Under MTA/NYC Transit rules, a subway is on time if it reaches its last stop within five minutes of its scheduled arrival without skipping any stops. With far fewer straphangers during the pandemic and reduced overnight service, subways on-time performance (OTP) reached as high as 85% in 2021. As ridership and overnight service came back, delays have risen again.
Last year, the MTA ran 2.7 million trains with 486,614 experiencing delays. In other words, 82.2% ran on time, a slightly better performance than the pre-pandemic rate of 81.1% in 2019, as the system ran more trains in 2024 than it did that year. So far, 2025 has seen improvement. Through June, as ridership increased to 75% of pre-pandemic levels, there have been 214,714 delays, down 13% compared to the same period last year.
Understanding the causes of delays is key to improving subway service:
Subway delays are likely to increase with ridership and while the MTA cannot control them all, there are areas, particularly related to signals, equipment, and infrastructure where it can target investments to improve service, as it did in recent years under the Subway Action Plan. DiNapoli's report called on the MTA to explain how this spending will help reduce delays associated with those causes. The MTA must also be transparent about the methodological changes it has made in how it calculates delays by sharing data on New York State OpenData, with the relevant board committees and the public. It should also explain how these changing methodologies affect comparisons of delay data and how such changes will improve its ability to respond to delays.
This issue arose during the course of the Comptroller analysis, when the MTA informed the office that it revised how it classified delays for 2024 to assign more delays to specific incidents. Its new methodology led to more major incidents being counted, which are incidents that lead to 50 or more delays. For this reason, this report focuses on comparisons of 2019 and 2023 separately from comparisons of 2024 and 2025.
The Subway Action Plan helped lower the number of major incidents to 586 in 2019 from an average of 900 annually in the previous four years. In 2020, partly as a result of reduced subway service due to overnight cleaning and ridership being decimated by the pandemic, major incidents dropped by 45%. Major incidents increased by 66% to 534 in 2023 as ridership returned and service increased but were still below 2019 levels. Through June 2025, there have been 385 major incidents, 5% more than the same period in 2024. The causes of delay have shifted during this time:
The fact that subway car problems are the fastest rising cause of major incidents highlights the need to carry out upgrades to the subway's rolling stock.
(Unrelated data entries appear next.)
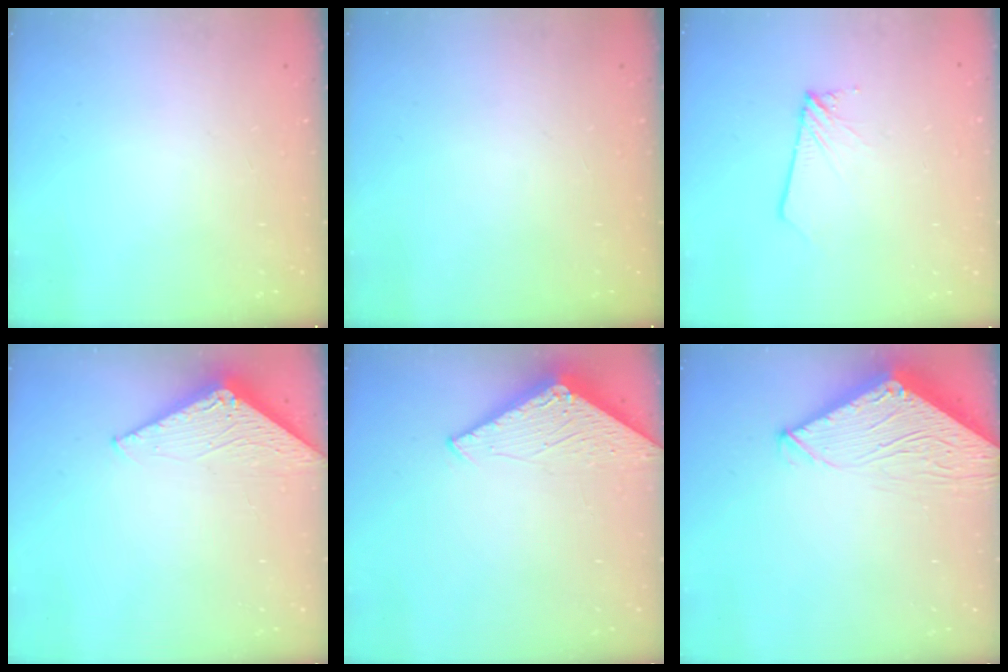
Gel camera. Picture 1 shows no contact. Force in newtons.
{"total": 0.0}
{"total": 2.0, "press": 2.0, "slide": 0.1}
{"total": 3.2, "press": 3.1, "slide": 0.2}
{"total": 2.9, "press": 2.9, "slide": 0.2}
{"total": 10.5, "press": 10.5, "slide": 0.8}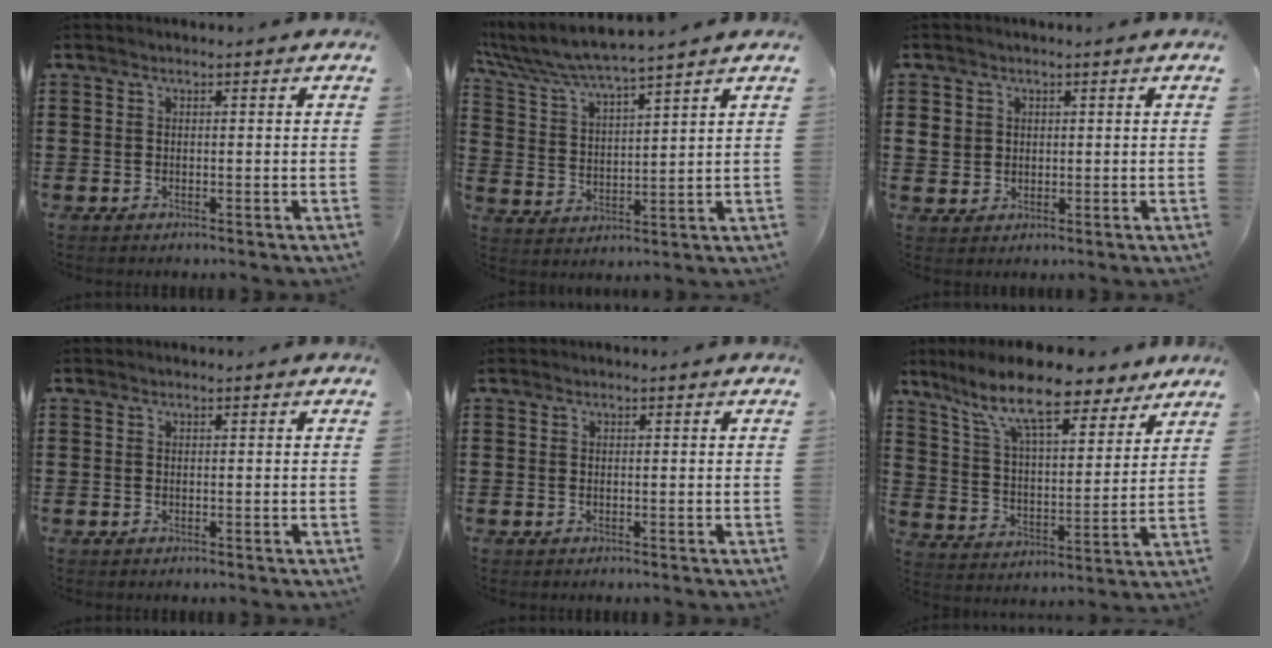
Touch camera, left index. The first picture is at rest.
{"total": 5.6, "force": [5.1, 0.0, 2.2], "torque": [-0.067, -0.032, 0.085]}
{"total": 2.8, "force": [0.8, 2.6, 0.7], "torque": [-0.026, 0.009, 0.012]}
{"total": 0.0}
{"total": 0.0}
{"total": 12.5, "force": [9.8, 2.8, 7.3], "torque": [-0.167, -0.038, 0.171]}

On-time performance varies widely on the 21 subway lines where the MTA tracks it. Four had better than 87% on-time performance last year, with the L train in the lead at 91.9%. It helped that the top four had relatively newer cars and that the L train has Communications-Based Train Control signals that enable trains to run closer together at faster speeds. The B train had the worst performance at 64.2% OTP.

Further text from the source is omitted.